Old and bitter house DJs will tell you that the movement never went away; young and stupid ones will cravenly compare it to the Second Coming (more like the twentieth); the rest of you are probably just hoping it doesn't portend a demonic pact between Pat Sharp, Noel Edmonds and Mr Blobby.
As is usually the case, there's a bit more to it than that. Over the last few years, Andy Ferguson and Matt McBriar have assembled a not insubstantial body of 12" singles, many of which take a lead from Kerri Chandler's roundhousing 909 kicks and the hopscotch arrangements of Marc Kinchen. But, as their Feel My Bicep blog illustrates, their tastes stretch a little bit beyond labels such as KMS and King Street Records. Records from acid house pioneers Phuture, French new wave producer Le Syndicat Electronique, and jazz musician Idris Muhammad count among their more outré selections, and though it's not a breadth that can be ascribed to their production, it goes a long way to alleviating any suspicion that they've leapt onto the heaving, rickety 90s house bandwagon.

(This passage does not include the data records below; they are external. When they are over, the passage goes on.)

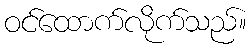
ဝင်ထောက်လိုက်သည်။
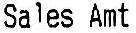
SALES AMT
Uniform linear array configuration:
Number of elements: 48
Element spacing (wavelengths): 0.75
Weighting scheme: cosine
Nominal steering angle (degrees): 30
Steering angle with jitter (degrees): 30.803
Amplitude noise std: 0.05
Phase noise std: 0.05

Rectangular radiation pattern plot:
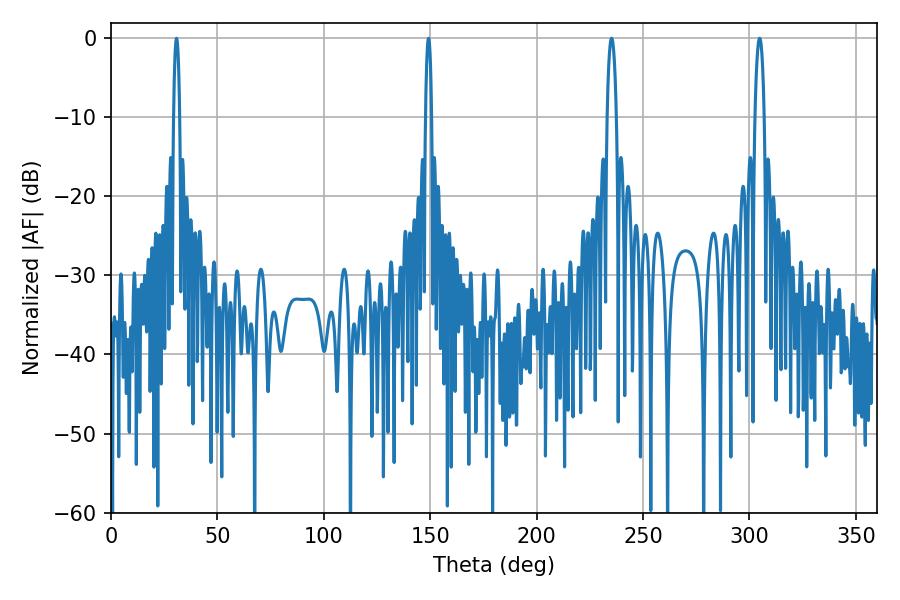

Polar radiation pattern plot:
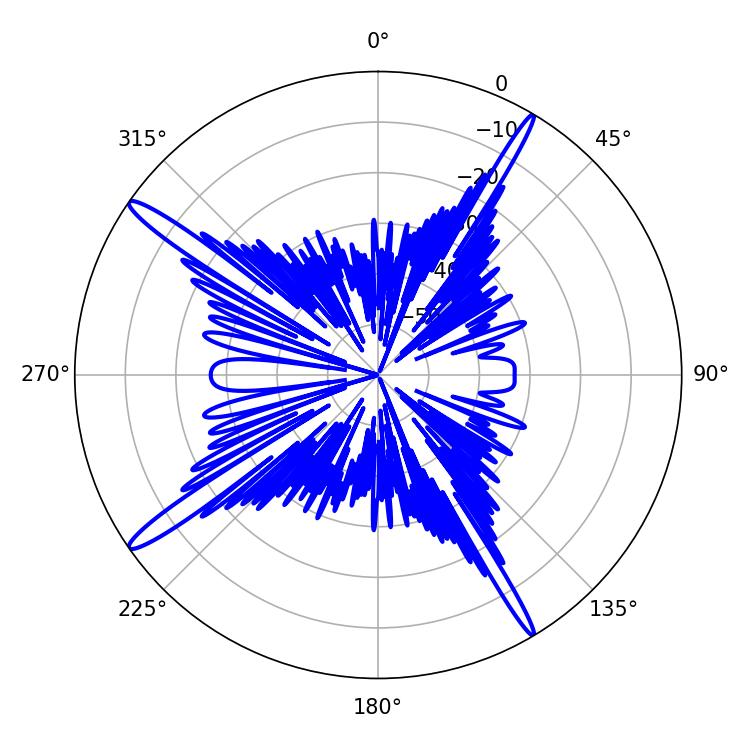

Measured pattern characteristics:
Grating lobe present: TRUE
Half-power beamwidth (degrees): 1.44
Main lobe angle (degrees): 30.78
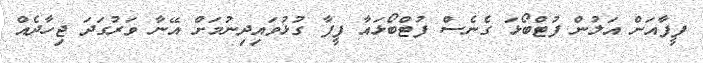
ފީފާއަށް އަލުން ފުޓްބޯޅަ ގެނެސް ފުޓްބޯޅައާ ފީފާ ގުޅުވައިދިނުމަށް އޭނާ ވަރުގަދަ ޖިހާދެއް
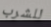
للشرب
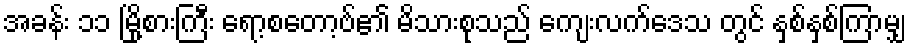
အခန်း ၁၁ မြို့စားကြီး ရော့စတော့ဗ်၏ မိသားစုသည် ကျေးလက်ဒေသ တွင် နှစ်နှစ်ကြာမျှ
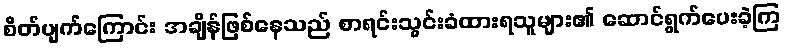
စိတ်ပျက်ကြောင်း အချိန်ဖြစ်နေသည် စာရင်းသွင်းခံထားရသူများ၏ ဆောင်ရွက်ပေးခဲ့ကြ
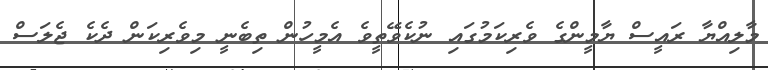
މާލިއްޔާ ރައީސް ޔާމީންގެ ވެރިކަމުގައި ނުކެވޭތީވެ އެމީހުން ތިބެނީ މިވެރިކަން ދެކެ ޖެލަސް
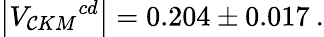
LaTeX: \left|{V_{\mathcal{C}KM}}^{cd}\right|=0.204\pm0.017\: .
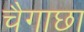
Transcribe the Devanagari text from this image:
चैगाछा

With the exception of the somewhat overstuffed piano house of Vision Of Love, the majority of the Bicep catalogue bears an impressive clarity of purpose, and much of it has some semblance of emotive range, too. From the aptly-titled New Jersey house tribute $tripper (apt because a second-hand copy on Discogs fetches upwards of £28, and it'll peel whatever's left of your nearest club's piss-poor paint job), to the sombre US garage skip of You (a song co-produced by fellow Northern Ireland native Ejeca, and released on Will Saul's excellent Aus label) and the faintly sinister, Twin Peaks-esque swirl of Echo Vibes, there's a degree of restraint at play that sets them apart from the raft of coked-up, cut-and-shut jobs rolling out from a production line staffed by dubstep chancers chopping R&B vocals with all the finesse of a drunken tugboat captain docking arse-first at Faslane.
Now running a label (on which Visions of Love was released, and is going for a not inexpensive sum on the second-hand market) alongside their blog, Ferguson and McBriar are set to close the year with a run of singles that have been as popular as they have been impressive. Whether or not they're spearheading some kind of Romero-style raising of the corpses of Strictly Rhythm, Dance Mania et al, you feel that the hack job will be left to someone else.